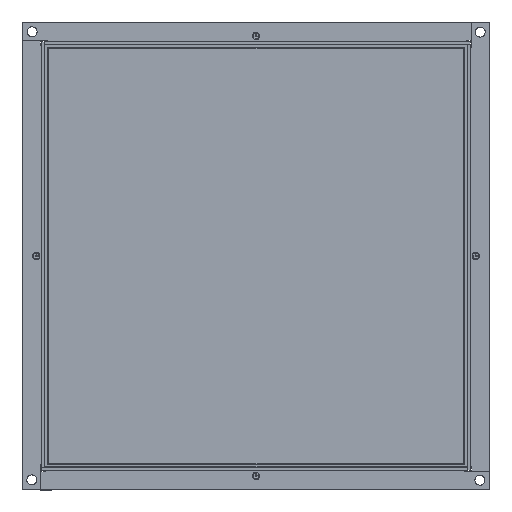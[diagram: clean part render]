
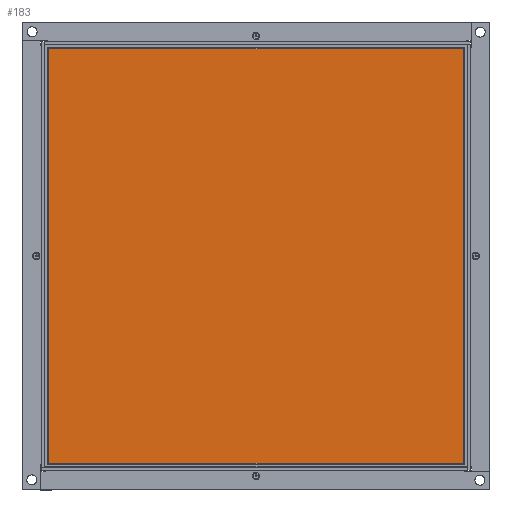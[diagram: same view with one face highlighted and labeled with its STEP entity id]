
A CAD part, top view. The second image highlights one B-rep face of the part: STEP entity #183.
In plain terms, the highlighted planar face has unit normal (0, 0, 1).
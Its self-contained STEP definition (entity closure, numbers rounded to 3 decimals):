
#183=ADVANCED_FACE('',(#481),#4150,.T.);
#481=FACE_OUTER_BOUND('',#775,.T.);
#775=EDGE_LOOP('',(#1601,#1602,#1603,#1604));
#1601=ORIENTED_EDGE('',*,*,#2577,.T.);
#1602=ORIENTED_EDGE('',*,*,#2578,.T.);
#1603=ORIENTED_EDGE('',*,*,#2579,.T.);
#1604=ORIENTED_EDGE('',*,*,#2580,.T.);
#2577=EDGE_CURVE('',#3769,#3770,#3123,.T.);
#2578=EDGE_CURVE('',#3770,#3771,#3124,.T.);
#2579=EDGE_CURVE('',#3771,#3772,#3125,.T.);
#2580=EDGE_CURVE('',#3772,#3769,#3126,.T.);
#3123=B_SPLINE_CURVE_WITH_KNOTS('',1,(#6814,#6815),.UNSPECIFIED.,.F.,.F.,
(2,2),(-375.,0.),.UNSPECIFIED.);
#3124=B_SPLINE_CURVE_WITH_KNOTS('',1,(#6816,#6817),.UNSPECIFIED.,.F.,.F.,
(2,2),(-375.,0.),.UNSPECIFIED.);
#3125=B_SPLINE_CURVE_WITH_KNOTS('',1,(#6818,#6819),.UNSPECIFIED.,.F.,.F.,
(2,2),(-375.,0.),.UNSPECIFIED.);
#3126=B_SPLINE_CURVE_WITH_KNOTS('',1,(#6820,#6821),.UNSPECIFIED.,.F.,.F.,
(2,2),(-375.,0.),.UNSPECIFIED.);
#3769=VERTEX_POINT('',#6806);
#3770=VERTEX_POINT('',#6807);
#3771=VERTEX_POINT('',#6808);
#3772=VERTEX_POINT('',#6809);
#4150=PLANE('',#4522);
#4522=AXIS2_PLACEMENT_3D('',#6800,#4723,$);
#4723=DIRECTION('',(0.,0.,1.));
#6800=CARTESIAN_POINT('',(-216.501,-436.901,6.));
#6806=CARTESIAN_POINT('',(196.,-399.4,6.));
#6807=CARTESIAN_POINT('',(196.,-24.4,6.));
#6808=CARTESIAN_POINT('',(-179.,-24.4,6.));
#6809=CARTESIAN_POINT('',(-179.,-399.4,6.));
#6814=CARTESIAN_POINT('',(196.,-399.4,6.));
#6815=CARTESIAN_POINT('',(196.,-24.4,6.));
#6816=CARTESIAN_POINT('',(196.,-24.4,6.));
#6817=CARTESIAN_POINT('',(-179.,-24.4,6.));
#6818=CARTESIAN_POINT('',(-179.,-24.4,6.));
#6819=CARTESIAN_POINT('',(-179.,-399.4,6.));
#6820=CARTESIAN_POINT('',(-179.,-399.4,6.));
#6821=CARTESIAN_POINT('',(196.,-399.4,6.));
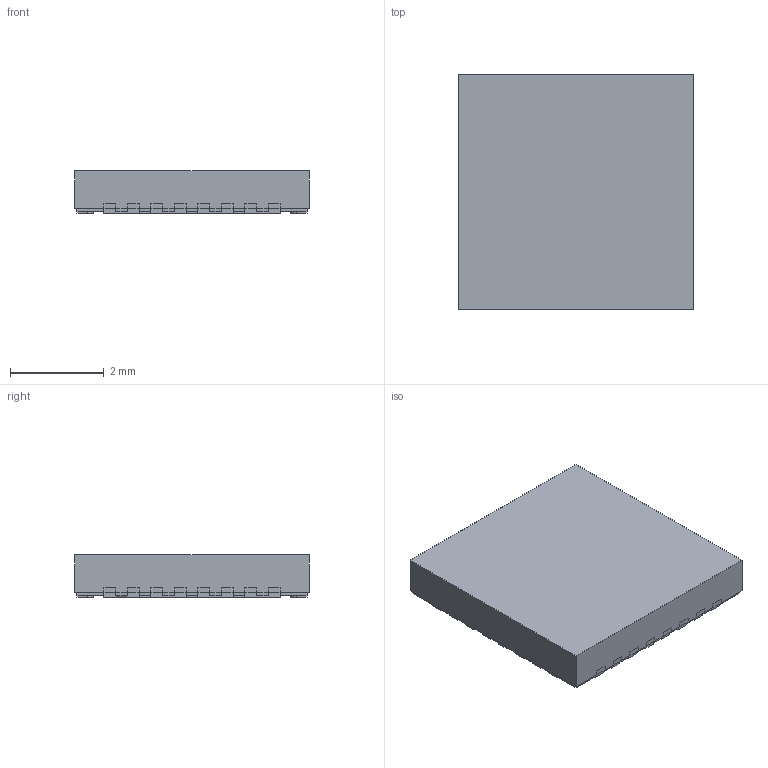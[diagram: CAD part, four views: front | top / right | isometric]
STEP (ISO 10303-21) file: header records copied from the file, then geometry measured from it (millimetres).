
FILE_DESCRIPTION((''),'2;1');
FILE_NAME('RHB0032N_ASM','2018-02-09T10:15:03',('a0412086'),(''),'CREO PARAMETRIC BY PTC INC, 2017260','CREO PARAMETRIC BY PTC INC, 2017260','');
FILE_SCHEMA(('AUTOMOTIVE_DESIGN { 1 0 10303 214 1 1 1 1 }'));
Length unit declared in the file: millimetre
Products named in the file (4): BODY-QFN_AF0; FRAME-RHB0032N_AF0; PIN1-ID; RHB0032N_ASM
Assembly tree (3 placements, depth 2):
  RHB0032N_ASM
    BODY-QFN_AF0
    FRAME-RHB0032N_AF0
    PIN1-ID
Bounding box: 5 x 5 x 0.9 mm (x, y, z)
Volume: 22.1 mm3; surface area: 119.3 mm2
Topology: 34 solids, 34 shells, 481 faces, 1230 edges, 820 vertices
Faces by surface type: plane 417, cylinder 64
Entity records: 18876 total; most frequent: CARTESIAN_POINT 2581, ORIENTED_EDGE 2460, DIRECTION 2386, PRESENTATION_STYLE_ASSIGNMENT 1298, STYLED_ITEM 1264, CURVE_STYLE 1230, EDGE_CURVE 1230, VECTOR 1102
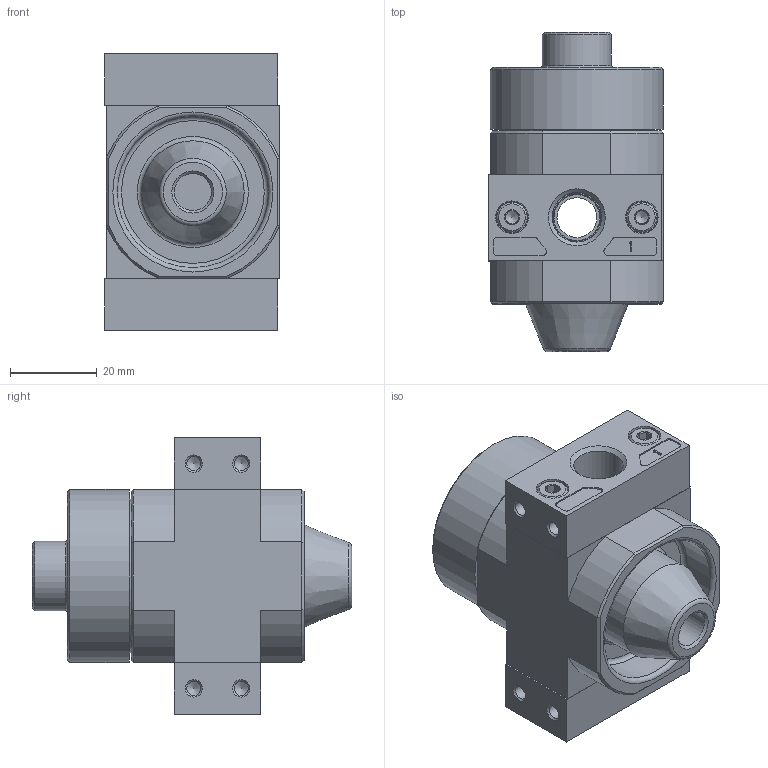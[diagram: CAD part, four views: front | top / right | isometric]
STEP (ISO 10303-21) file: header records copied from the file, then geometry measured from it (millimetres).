
FILE_DESCRIPTION(/* description */ ('STEP AP214'),/* implementation_level */ '2;1');
FILE_NAME(/* name */ '193244_HEP-1_4-D-MINI',/* time_stamp */ '2024-08-29T04:19:32+02:00',/* author */ ('License CC BY-ND 4.0'),/* organization */ ('CADENAS'),/* preprocessor_version */ 'ST-DEVELOPER v19.3',/* originating_system */ 'PARTsolutions',/* authorisation */ ' ');
FILE_SCHEMA (('AUTOMOTIVE_DESIGN {1 0 10303 214 3 1 1}'));
Length unit declared in the file: millimetre
Products named in the file (6): 193244 HEP-1/4-D-MINI; 397000 HEP-D-MINI; 380289 PBL-1/4-D-MINI-L---(1) p1; DIN-912 - M4x16(F); 359787 LF-D-MINI; 380291 PBL-1/4-D-MINI-R---(0) p1
Assembly tree (9 placements, depth 2):
  193244 HEP-1/4-D-MINI
    397000 HEP-D-MINI
    380289 PBL-1/4-D-MINI-L---(1) p1
    DIN-912 - M4x16(F)  x4
    359787 LF-D-MINI  x2
    380291 PBL-1/4-D-MINI-R---(0) p1
Bounding box: 40.4 x 73.8 x 64 mm (x, y, z)
Volume: 88231.1 mm3; surface area: 29217.8 mm2
Topology: 9 solids, 9 shells, 406 faces, 877 edges, 533 vertices
Faces by surface type: plane 165, cylinder 133, cone 97, torus 7, sphere 4
Full cylindrical faces by diameter (mm): 3.242 x8, 4 x4, 5.2 x4, 6.3 x4, 6.5 x2, 7 x4, 8 x4, 8.2 x4, 8.566 x2, 9.2 x1, 10.6 x1, 11 x1, 11.445 x2, 12.2 x1, 15.6 x1, 15.9 x1, 16 x2, 19.1 x2, 23.7 x1, 35 x1, 35.4 x1, 40 x1
Entity records: 9365 total; most frequent: DIRECTION 1508, CARTESIAN_POINT 1402, ORIENTED_EDGE 1170, AXIS2_PLACEMENT_3D 630, EDGE_CURVE 585, FACE_BOUND 463, EDGE_LOOP 456, VERTEX_POINT 430

■ **WORK INSTRUCTION**: Needed here is a verbatim copy of the data from the first line through the line with "A CAD part, top", without pictures.

■ **ANSWER BELOW**:
[diagram: clean part render]
[diagram: same view with one face highlighted and labeled with its STEP entity id]
A CAD part, top view. The second image highlights one B-rep face of the part: STEP entity #183.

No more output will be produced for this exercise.